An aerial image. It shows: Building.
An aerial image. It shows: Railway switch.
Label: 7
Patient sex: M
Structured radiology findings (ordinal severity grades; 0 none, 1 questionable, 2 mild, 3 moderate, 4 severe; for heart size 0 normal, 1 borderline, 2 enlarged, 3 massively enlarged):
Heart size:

...

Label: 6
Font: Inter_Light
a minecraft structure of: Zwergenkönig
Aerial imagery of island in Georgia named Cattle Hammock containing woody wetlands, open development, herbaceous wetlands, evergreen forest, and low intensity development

* * *

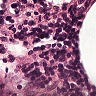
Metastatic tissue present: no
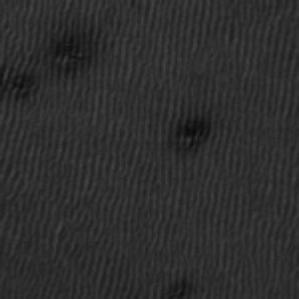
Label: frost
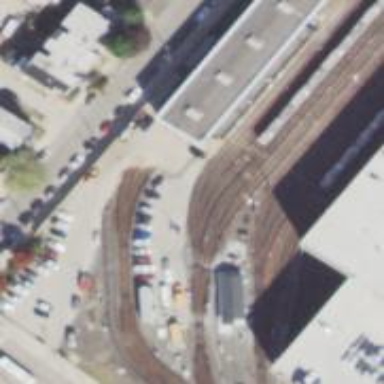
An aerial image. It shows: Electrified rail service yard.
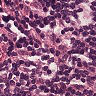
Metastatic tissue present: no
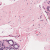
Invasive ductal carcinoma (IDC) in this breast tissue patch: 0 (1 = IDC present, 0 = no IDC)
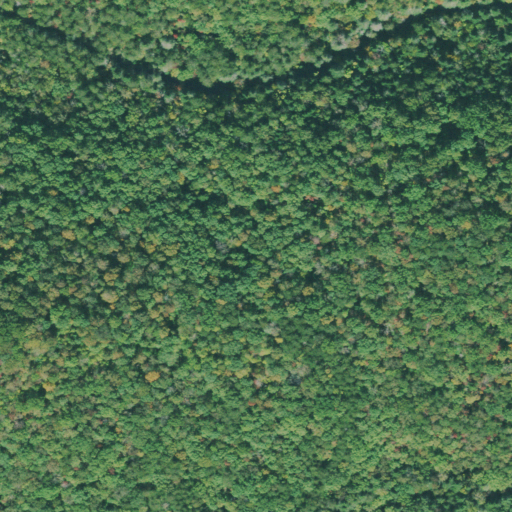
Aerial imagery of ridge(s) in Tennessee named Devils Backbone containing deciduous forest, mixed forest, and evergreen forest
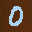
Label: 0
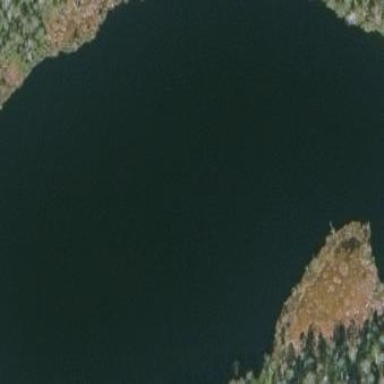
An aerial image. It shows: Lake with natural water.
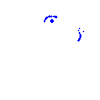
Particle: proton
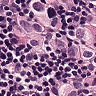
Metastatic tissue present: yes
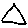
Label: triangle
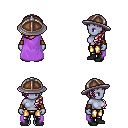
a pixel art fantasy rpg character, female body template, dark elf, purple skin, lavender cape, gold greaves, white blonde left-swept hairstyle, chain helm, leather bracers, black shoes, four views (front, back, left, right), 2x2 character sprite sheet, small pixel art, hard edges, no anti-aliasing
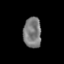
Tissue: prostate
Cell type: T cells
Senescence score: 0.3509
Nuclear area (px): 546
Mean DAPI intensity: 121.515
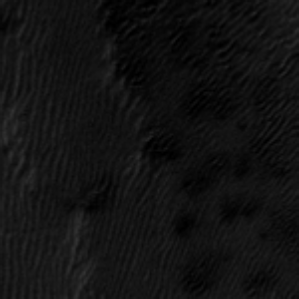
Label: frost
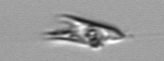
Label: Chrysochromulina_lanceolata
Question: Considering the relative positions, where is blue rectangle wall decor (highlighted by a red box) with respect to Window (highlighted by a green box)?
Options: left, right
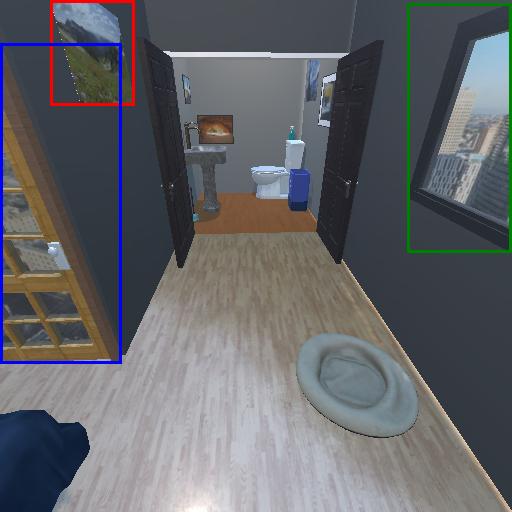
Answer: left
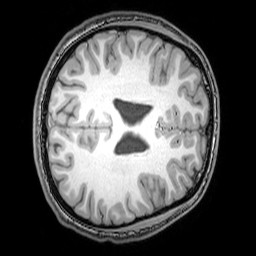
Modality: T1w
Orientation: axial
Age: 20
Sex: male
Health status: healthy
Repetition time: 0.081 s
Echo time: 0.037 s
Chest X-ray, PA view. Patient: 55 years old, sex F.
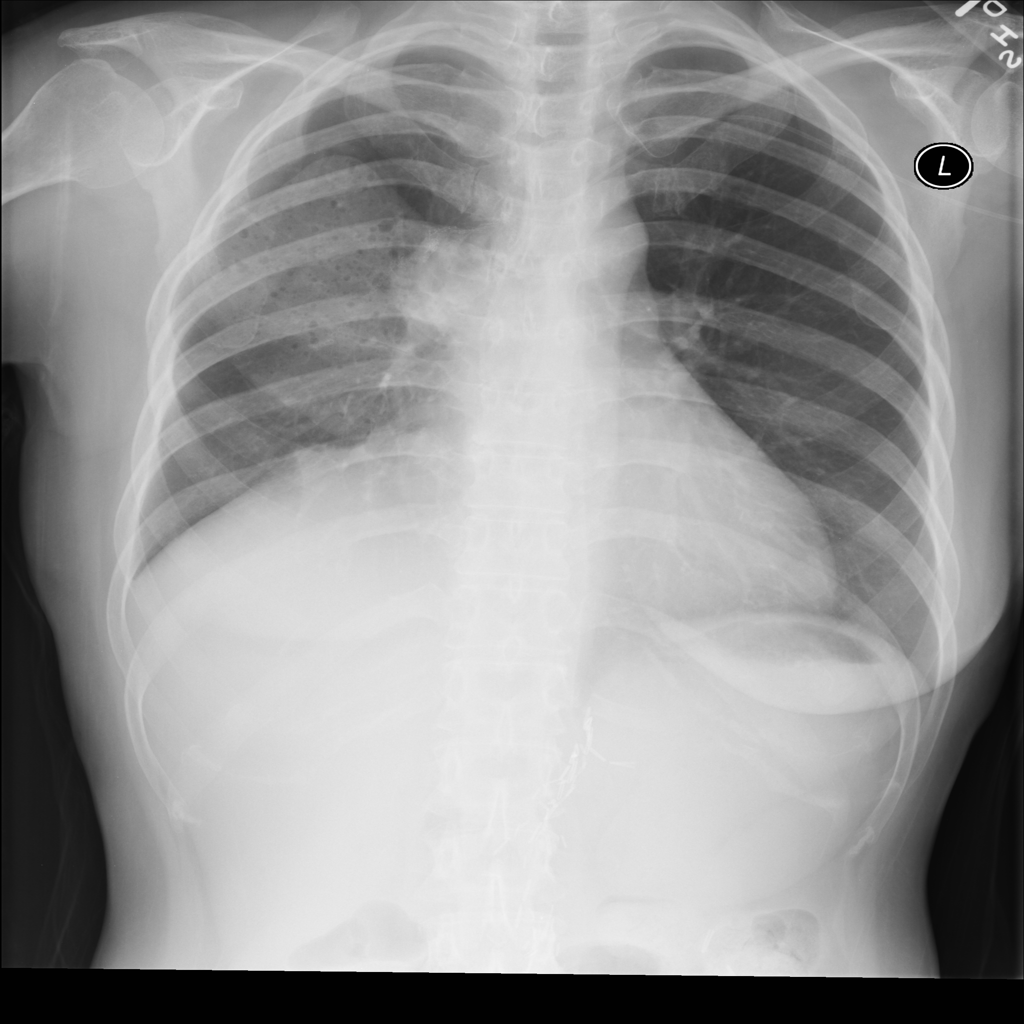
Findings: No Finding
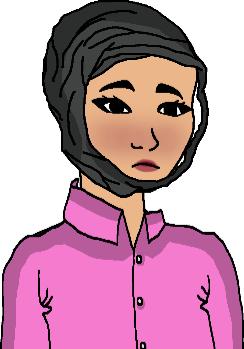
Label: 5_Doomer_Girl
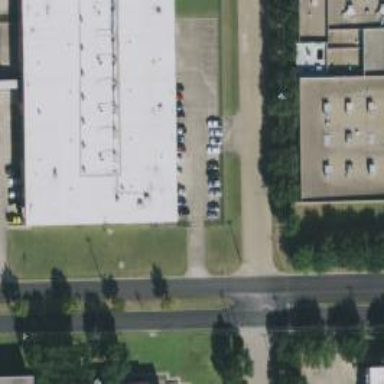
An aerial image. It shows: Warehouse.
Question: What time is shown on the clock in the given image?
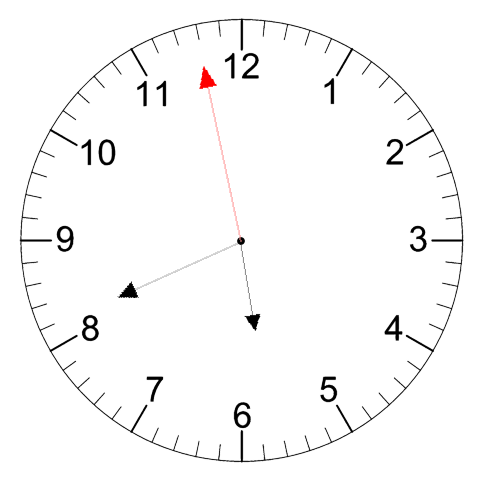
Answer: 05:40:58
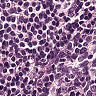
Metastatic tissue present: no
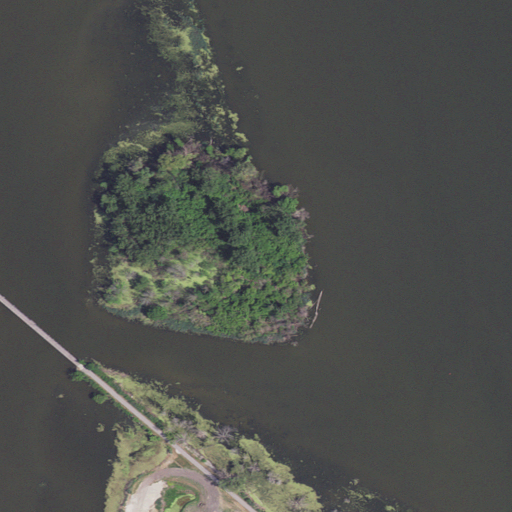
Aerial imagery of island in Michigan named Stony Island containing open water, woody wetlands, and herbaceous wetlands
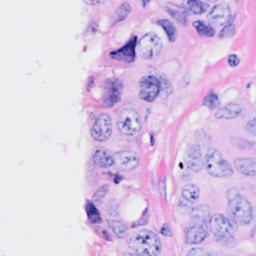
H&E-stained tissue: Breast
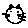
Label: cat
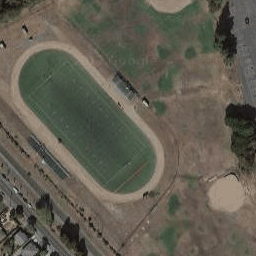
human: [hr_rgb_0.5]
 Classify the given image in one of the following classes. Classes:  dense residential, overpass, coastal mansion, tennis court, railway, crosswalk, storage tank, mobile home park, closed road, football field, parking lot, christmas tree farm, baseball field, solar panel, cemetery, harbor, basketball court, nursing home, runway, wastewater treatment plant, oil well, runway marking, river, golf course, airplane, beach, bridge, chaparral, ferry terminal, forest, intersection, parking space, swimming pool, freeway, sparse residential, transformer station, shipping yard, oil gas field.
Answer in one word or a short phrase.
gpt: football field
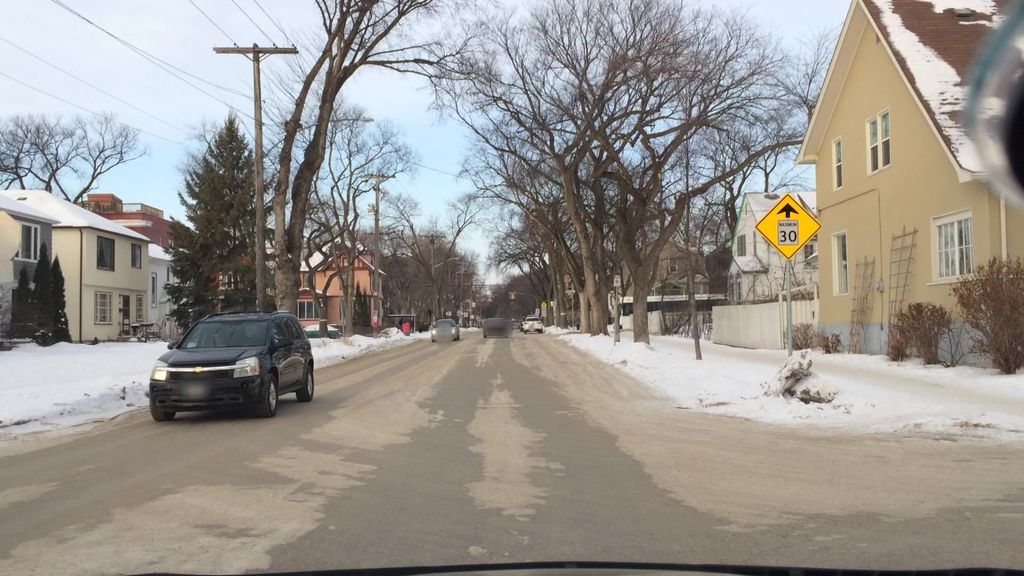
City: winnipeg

Description of the task
In the listing above, find the line with "Question: Considering the" and the line with "Aerial imagery of island in Michigan". Set down both and every line between them, minus the pictures.

Expected output
Question: Considering the relative positions, where is blue rectangle wall decor (highlighted by a red box) with respect to Window (highlighted by a green box)?
Options: left, right
Answer: left
Modality: T1w
Orientation: axial
Age: 20
Sex: male
Health status: healthy
Repetition time: 0.081 s
Echo time: 0.037 s
Chest X-ray, PA view. Patient: 55 years old, sex F.
Findings: No Finding
Label: 5_Doomer_Girl
An aerial image. It shows: Warehouse.
Question: What time is shown on the clock in the given image?
Answer: 05:40:58
Metastatic tissue present: no
Aerial imagery of island in Michigan named Stony Island containing open water, woody wetlands, and herbaceous wetlands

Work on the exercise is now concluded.